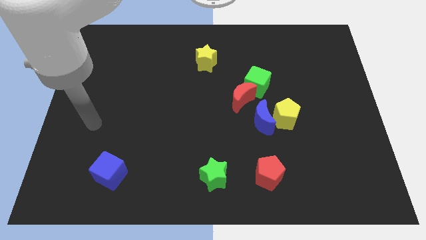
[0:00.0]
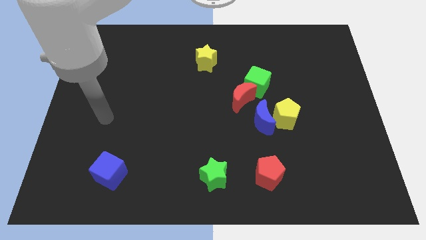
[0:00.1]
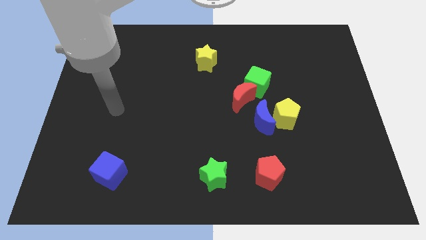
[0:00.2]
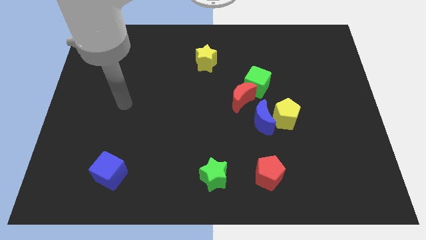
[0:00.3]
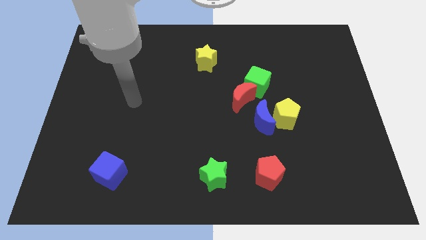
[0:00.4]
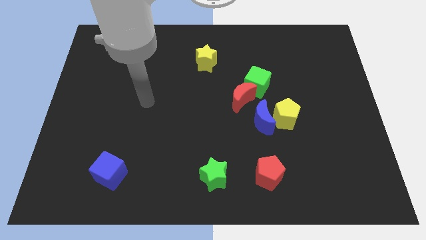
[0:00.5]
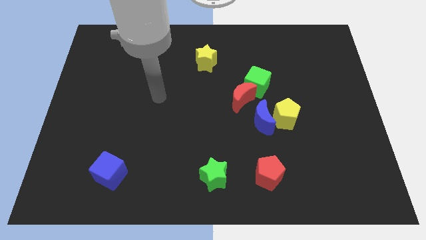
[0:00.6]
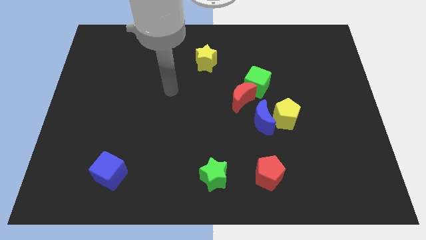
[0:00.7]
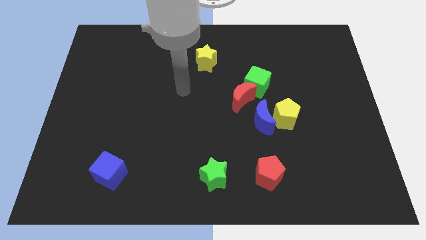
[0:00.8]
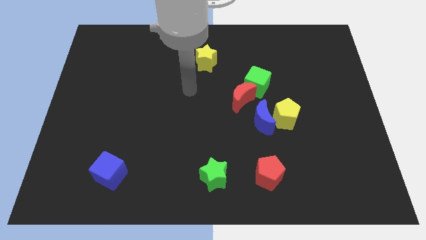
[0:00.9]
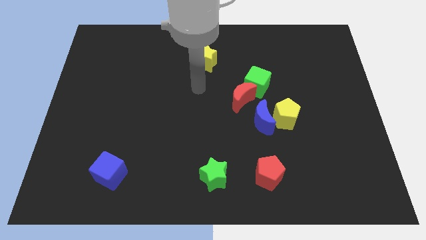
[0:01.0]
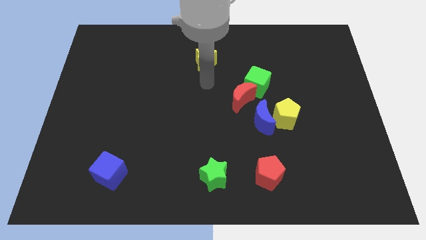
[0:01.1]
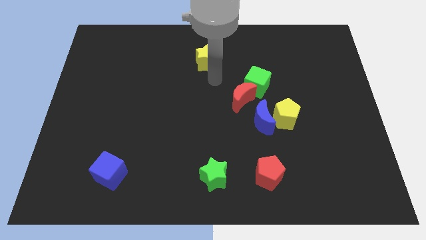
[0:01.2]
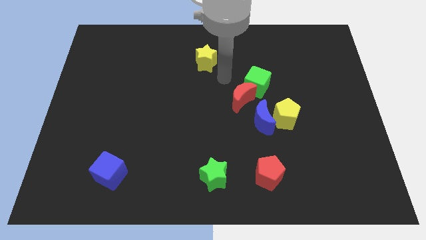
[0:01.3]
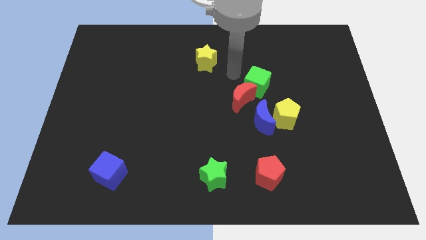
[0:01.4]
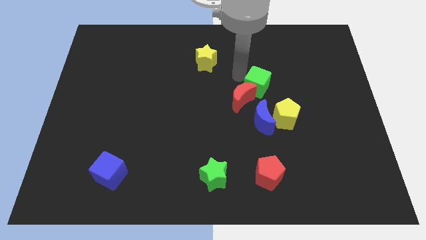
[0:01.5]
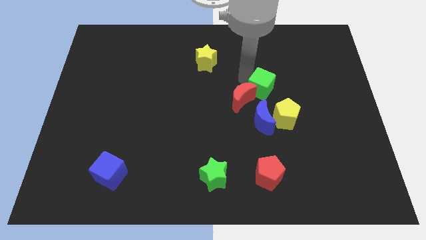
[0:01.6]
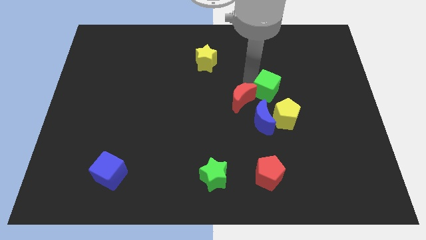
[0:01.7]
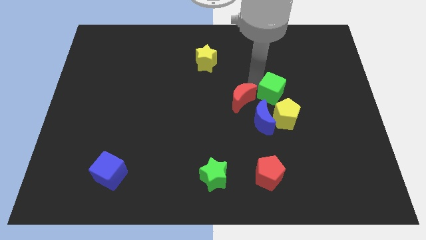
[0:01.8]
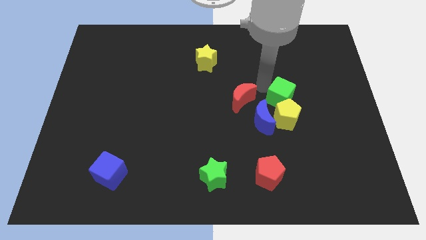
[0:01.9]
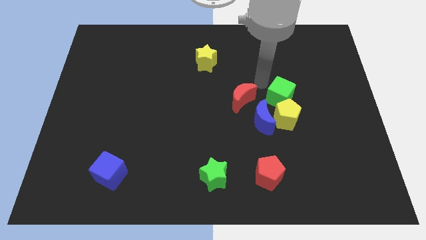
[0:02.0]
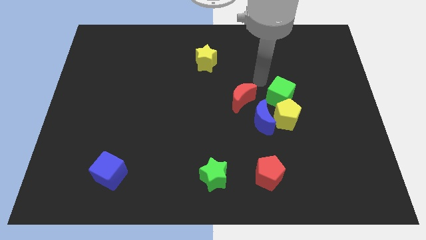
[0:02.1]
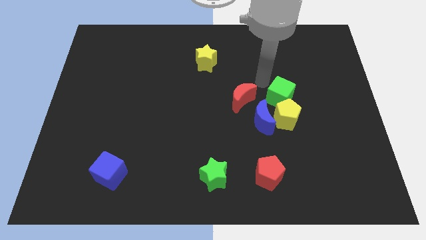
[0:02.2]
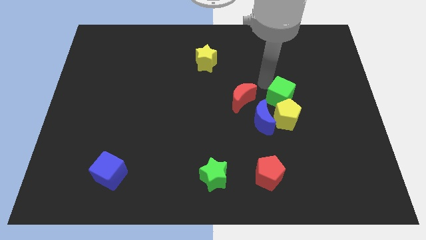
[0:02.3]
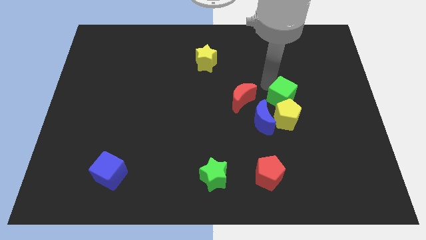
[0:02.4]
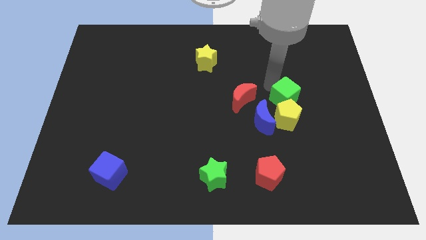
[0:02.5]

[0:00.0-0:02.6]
slightly move the green cube down and right diagonally

....

TO DO: The data above must be written out again without alteration, and the pictures in them must be excluded.

EXERCISE OUTPUT:
[0:00.0]
[0:00.1]
[0:00.2]
[0:00.3]
[0:00.4]
[0:00.5]
[0:00.6]
[0:00.7]
[0:00.8]
[0:00.9]
[0:01.0]
[0:01.1]
[0:01.2]
[0:01.3]
[0:01.4]
[0:01.5]
[0:01.6]
[0:01.7]
[0:01.8]
[0:01.9]
[0:02.0]
[0:02.1]
[0:02.2]
[0:02.3]
[0:02.4]
[0:02.5]

[0:00.0-0:02.6]
slightly move the green cube down and right diagonally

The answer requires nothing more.